- [ASSIGNMENT]: Since the records include pictures, leave those out while you reproduce exactly and only the lines from the one containing "The image shows 69" through the one containing "The image shows 54", inclusive.

- [DATA TO PROCESS]:
+ + + + + + +

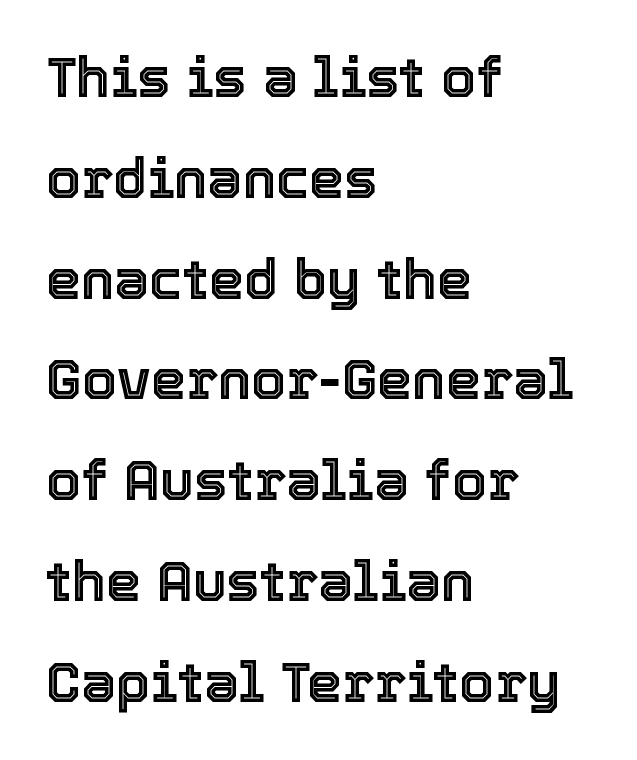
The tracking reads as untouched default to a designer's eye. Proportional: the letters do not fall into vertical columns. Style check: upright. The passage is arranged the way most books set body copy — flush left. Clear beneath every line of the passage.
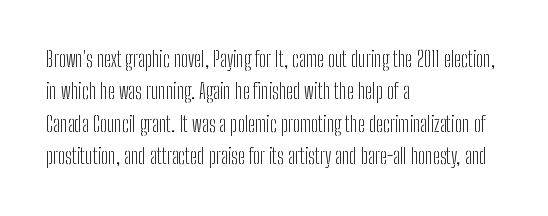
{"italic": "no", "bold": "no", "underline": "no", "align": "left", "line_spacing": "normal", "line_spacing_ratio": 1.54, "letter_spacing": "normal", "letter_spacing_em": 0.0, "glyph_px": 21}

+ + + + + + +

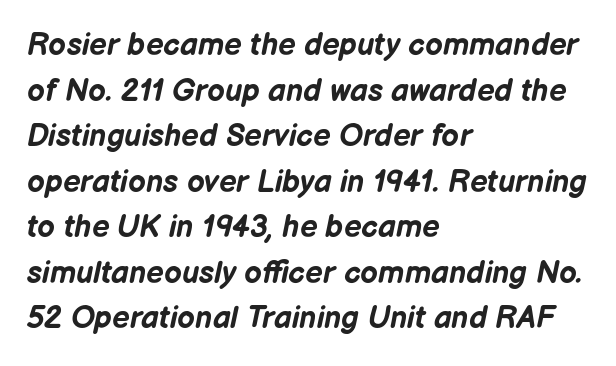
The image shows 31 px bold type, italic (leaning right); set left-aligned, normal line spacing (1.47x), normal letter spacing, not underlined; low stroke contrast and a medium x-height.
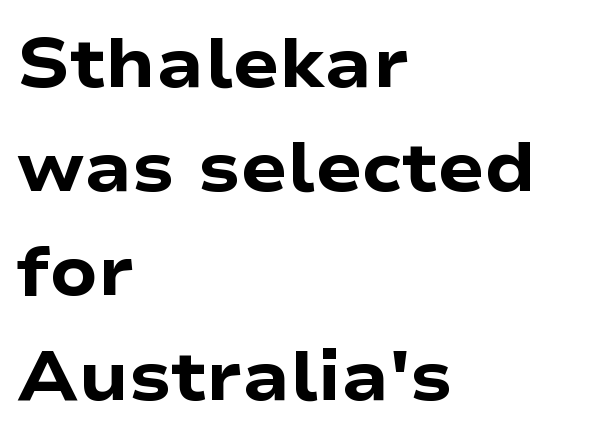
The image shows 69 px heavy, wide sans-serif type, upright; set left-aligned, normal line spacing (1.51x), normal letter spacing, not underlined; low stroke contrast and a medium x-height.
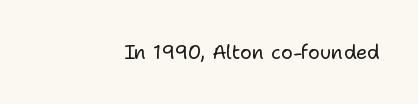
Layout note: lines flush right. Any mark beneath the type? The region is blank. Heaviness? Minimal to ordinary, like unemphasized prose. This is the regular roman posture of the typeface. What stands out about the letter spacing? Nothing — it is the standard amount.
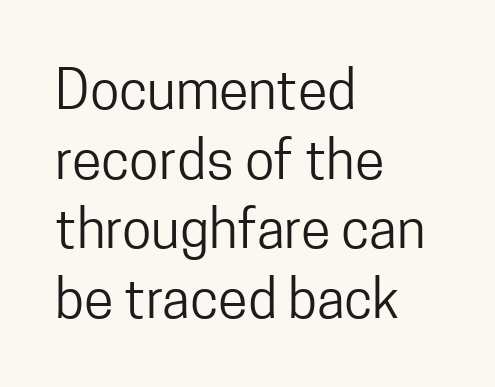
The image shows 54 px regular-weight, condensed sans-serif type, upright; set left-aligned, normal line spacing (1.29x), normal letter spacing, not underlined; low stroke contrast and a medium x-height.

+ + + + + + +

- [WRITTEN RESPONSE]:
The image shows 69 px heavy, wide sans-serif type, upright; set left-aligned, normal line spacing (1.51x), normal letter spacing, not underlined; low stroke contrast and a medium x-height.
Layout note: lines flush right. Any mark beneath the type? The region is blank. Heaviness? Minimal to ordinary, like unemphasized prose. This is the regular roman posture of the typeface. What stands out about the letter spacing? Nothing — it is the standard amount.
The image shows 54 px regular-weight, condensed sans-serif type, upright; set left-aligned, normal line spacing (1.29x), normal letter spacing, not underlined; low stroke contrast and a medium x-height.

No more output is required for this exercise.